Sinon, sur un plan plus global, je me suis sans cesse battu pour que les articles soient bien écrits, jamais vulgaires ni grossiers en dépit de la réputation du style traité, soignés dans leur présentation, documentés pour les pointilleux.

Quelles étaient les relations avec la presse métal concurrente ? Y avait-il une concurrence saine, une émulation, de l’espionnage, de la jalousie ?
Je crois m’être pris la première volée de bois vert de la part d’une consoeur, quelques mois à peine après la parution du fanzine. Dès lors, j’ai compris que l’apparition de HARD FORCE, même petit, dérangerait, quoi que je fasse. Quand HARD FORCE est arrivé dans les kiosques, on a changé de registre. Je recevais des appels anonymes au bureau, d’intimidation. J’ai su plus tard qu’ils émanaient de journalistes oisifs travaillant « en face ». Un gros travail de sape a commencé dans les maisons de disques, du lobbying pour nous discréditer, bloquer la publicité ou des interviews de couverture. On pouvait facilement devenir parano à cette époque. J’ai commencé à me défendre avec la seule arme que je possédais : mon éditorial mensuel. Ça ne faisait rire que l’équipe, mais qu’est-ce que ça me soulageait ! La concurrence s’est assainie dans le sens où nous nous sommes radicalement démarqués dans la maquette et l’écriture. De plus en plus, nous prouvions à chaque sommaire à quel point nos confrères pouvaient être frappés d’inertie ou de routine. L’émulation s’est faite par le contenu.
A aucun moment l’espionnage n’a véritablement sévi.
De la jalousie ? Certainement. Vous n’avez pas idée combien de fois les concurrents ont tenté de débaucher nos journalistes. C’était devenu un sujet de grosse rigolade en rédaction.

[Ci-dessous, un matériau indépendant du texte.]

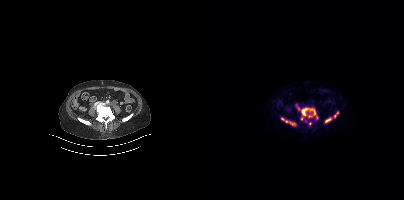
Coordinates are on the 200×200 PET (right) panel. (showing 4 of 5 foci) PSMA-avid tumor lesion bounding boxes (x0,y0,x1,y1): [94,107,114,120], [77,118,92,125], [121,112,134,123]. Small PSMA-avid focus (2 to 4 px across) near (center x, center y): (106, 123).
modality: PSMA PET/CT | tracer: 68Ga | view: axial
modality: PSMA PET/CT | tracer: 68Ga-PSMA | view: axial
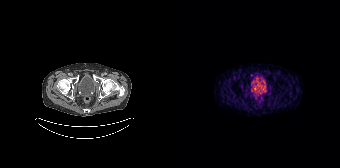
No tumor lesions annotated on this slice.
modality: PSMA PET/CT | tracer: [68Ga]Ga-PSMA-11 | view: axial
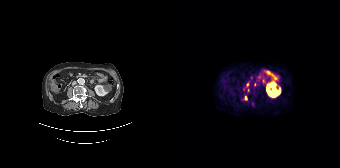
Coordinates are on the 168×168 PET (right) panel. PSMA-avid tumor lesion bounding box (x, y, width, height): x=72 y=96 w=4 h=5. Small PSMA-avid foci (2 to 4 px across) near (center x, center y): (75, 84); (82, 84); (76, 90).
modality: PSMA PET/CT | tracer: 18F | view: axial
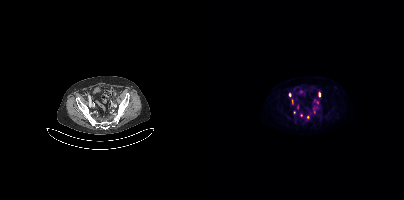
Coordinates are on the 200×200 PET (right) panel. (showing 9 of 11 foci) PSMA-avid tumor lesion bounding box (x, y, width, height): x=88 y=99 w=2 h=6. Small PSMA-avid foci (2 to 4 px across) near (center x, center y): (115, 94) | (97, 115) | (113, 102) | (90, 112) | (104, 117) | (85, 95) | (110, 100) | (93, 107).
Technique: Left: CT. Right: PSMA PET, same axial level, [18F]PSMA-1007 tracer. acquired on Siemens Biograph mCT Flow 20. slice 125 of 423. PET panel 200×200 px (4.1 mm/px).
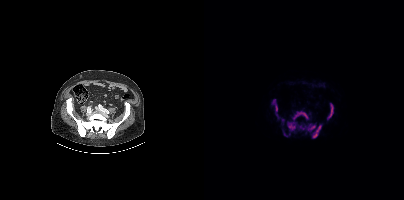
Findings: Coordinates are on the 200×200 PET (right) panel. (showing 9 of 10 foci) PSMA-avid tumor lesion bounding boxes (x0,y0,x1,y1): [89,111,104,120]; [83,122,91,130]; [108,125,117,138]; [123,103,129,119]; [103,124,111,131]; [69,99,73,111]; [96,125,101,129]. Small PSMA-avid foci (2 to 4 px across) near (center x, center y): (81, 134); (78, 120).
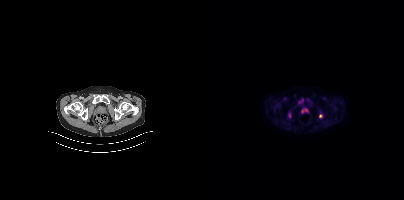
Coordinates are on the 200×200 PET (right) panel. Small PSMA-avid focus (2 to 4 px across) near (center x, center y): (116, 115).
modality: PSMA PET/CT | tracer: [18F]PSMA-1007 | view: axial | PET grid: 200×200
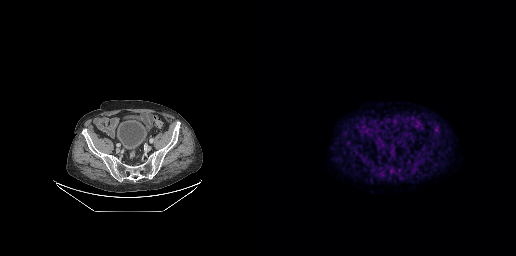
This slice has no annotated PSMA-avid lesion.
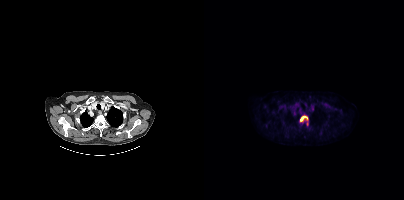
{"modality":"PSMA PET/CT","view":"axial","tracer":"[18F]PSMA-1007","pet_grid":[200,200],"coord_frame":"pet_panel","coord_format":"x0,y0,x1,y1","partial":true,"lesion_bboxes":[[96,115,104,122]]}
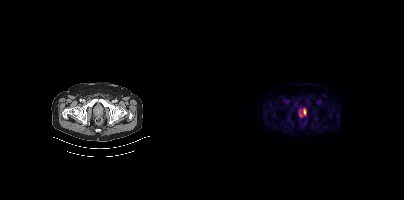
No tumor lesions annotated on this slice.
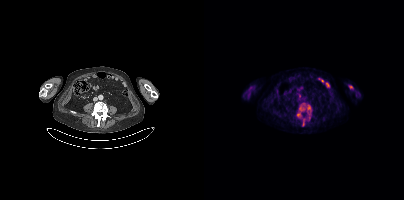
{"modality":"PSMA PET/CT","view":"axial","tracer":"[18F]PSMA-1007","pet_grid":[200,200],"coord_frame":"pet_panel","coord_format":"x0,y0,x1,y1","lesion_bboxes":[[93,103,107,119],[98,119,101,125]],"small_foci_centers":[[146,87]]}
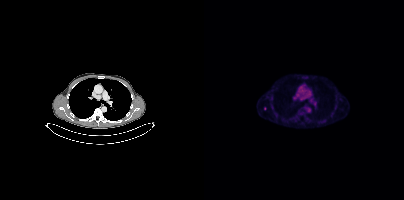
{"modality":"PSMA PET/CT","view":"axial","tracer":"18F-PSMA","pet_grid":[200,200],"coord_frame":"pet_panel","coord_format":"x0,y0,x1,y1","lesion_bboxes":[],"small_foci_centers":[[61,108]]}
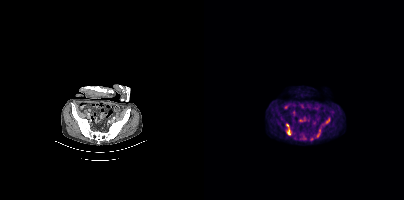
Coordinates are on the 200×200 PET (right) panel. PSMA-avid tumor lesion bounding boxes (x, y, width, height): x=82 y=124 w=6 h=12 | x=121 y=117 w=6 h=8 | x=112 y=129 w=5 h=9 | x=99 y=136 w=5 h=5 | x=95 y=135 w=3 h=6 | x=90 y=135 w=4 h=5. Small PSMA-avid focus (2 to 4 px across) near (center x, center y): (107, 139).
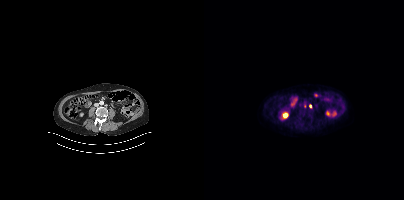
Findings: Coordinates are on the 200×200 PET (right) panel. Small PSMA-avid foci (2 to 4 px across) near (center x, center y): (106, 106); (100, 106).
- Paired axial CT (left) and PSMA PET (right), 18F-PSMA tracer
- acquired on Siemens Biograph mCT Flow 20
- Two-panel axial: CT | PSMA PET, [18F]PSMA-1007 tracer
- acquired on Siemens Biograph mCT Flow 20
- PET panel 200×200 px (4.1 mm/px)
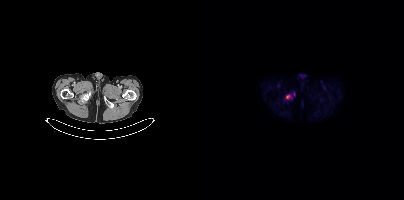
Findings: Coordinates are on the 200×200 PET (right) panel. Small PSMA-avid focus (2 to 4 px across) near (center x, center y): (83, 96).
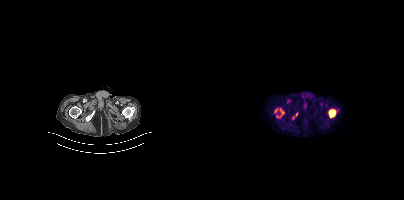
Coordinates are on the 200×200 PET (right) panel. PSMA-avid tumor lesion bounding boxes (partial; 1 more focus not listed):
| # | x0 | y0 | x1 | y1 |
|---|---|---|---|---|
| 1 | 88 | 113 | 93 | 119 |
| 2 | 76 | 108 | 79 | 116 |
Small PSMA-avid focus (2 to 4 px across) near (center x, center y): (72, 110).
Paired axial CT (left) and PSMA PET (right), [18F]PSMA-1007 tracer. Slice 24 of 367. PET panel 200×200 px (4.1 mm/px).
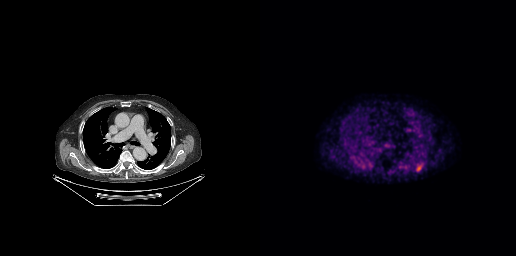
modality: PSMA PET/CT | tracer: 18F-PSMA | view: axial
Coordinates are on the 256×256 PET (right) panel. PSMA-avid tumor lesion bounding box (x, y, width, height): x=156 y=163 w=7 h=9.
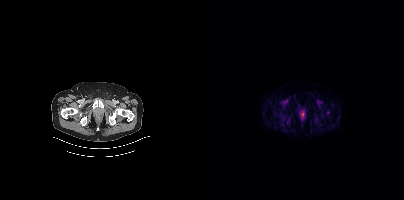
- Paired axial CT (left) and PSMA PET (right), [18F]PSMA-1007 tracer
- slice position z = -792 mm
Findings: Coordinates are on the 200×200 PET (right) panel. Small PSMA-avid focus (2 to 4 px across) near (center x, center y): (123, 112).
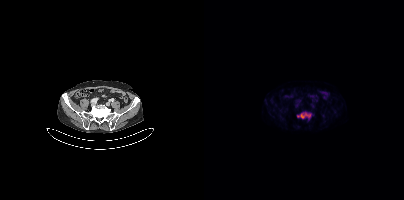
Findings: Coordinates are on the 200×200 PET (right) panel. PSMA-avid tumor lesion bounding box (x0, y0)-(x1, y1): (93, 112)-(107, 118).
Technique: Left: CT. Right: PSMA PET, same axial level, [18F]PSMA-1007 tracer. slice 121 of 431.
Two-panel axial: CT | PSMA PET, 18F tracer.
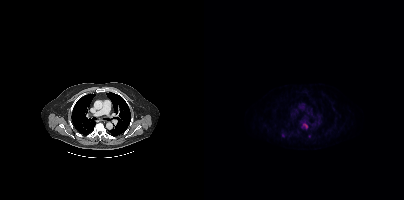
Coordinates are on the 200×200 PET (right) panel. (showing 2 of 3 foci) Small PSMA-avid foci (2 to 4 px across) near (center x, center y): (79, 134); (105, 136).
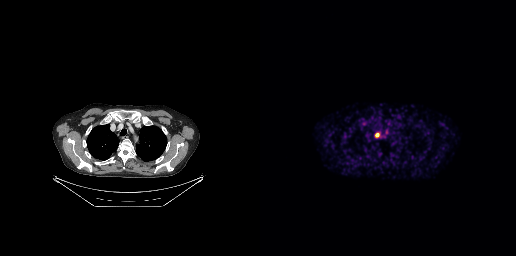
Coordinates are on the 256×256 PET (right) panel. PSMA-avid tumor lesion bounding box (x0, y0)-(x1, y1): (116, 133)-(119, 137).
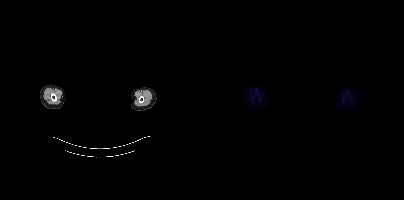
No tumor lesions annotated on this slice.
Face de-identified by blanking a block of the head.
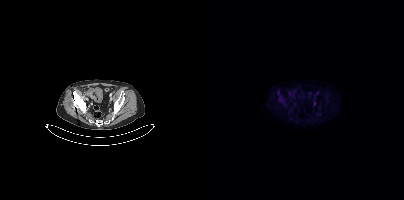
Coordinates are on the 200×200 PET (right) panel. PSMA-avid tumor lesion bounding box (x0, y0)-(x1, y1): (110, 101)-(111, 105). Two-panel axial: CT | PSMA PET, [18F]PSMA-1007 tracer. Slice 106 of 421.

En tant que leader de l’équipe de rédaction, que préférais-tu faire et qu’est-ce que tu détestais ou redoutais ?
Le plaisir était celui de l’écriture, de la recherche documentaire pour un dossier, d’assister à un concert jubilatoire ou à un festival à l’étranger, de mener l’interview où l’échange avec le musicien va bien au-delà des questions-réponses. Je me suis lassé extrêmement vite des voyages de presse. C’était d’abord une fatigue physique, les décalages horaires avec des temps de récupération incompatibles avec la gestion des bouclages. Au début, on veut tout faire. Il faut apprendre à déléguer et c’est le plus dur. Je me devais d’assister à la fabrication complète du produit, ce qui réduisait singulièrement mon temps de détente. Pendant des années, j’ai vécu les concerts et les voyages des journalistes par procuration, me préservant de rares instants avec quelques artistes spécifiques lorsqu’ils venaient à Paris. D’ailleurs, les modalités d’interviews à l’étranger sont devenues contraignantes au possible avec des situations aberrantes d’aller-retour pour Los Angeles en deux jours avec un entretien de 30mn et 15mn de photos seulement à la clé. D’où l’intérêt essentiel d’avoir un correspondant sur place, au cœur de l’actualité.
J’ai détesté les mondanités du microcosme parisien qui se voulait métal et s’embourgeoisait dans les « after », le vide culturel et musical dans certains bureaux de maisons de disques où, dès la fin des années 80, il était palpable que la machine à broyer les styles jugés mineurs ou trop marginaux était en marche.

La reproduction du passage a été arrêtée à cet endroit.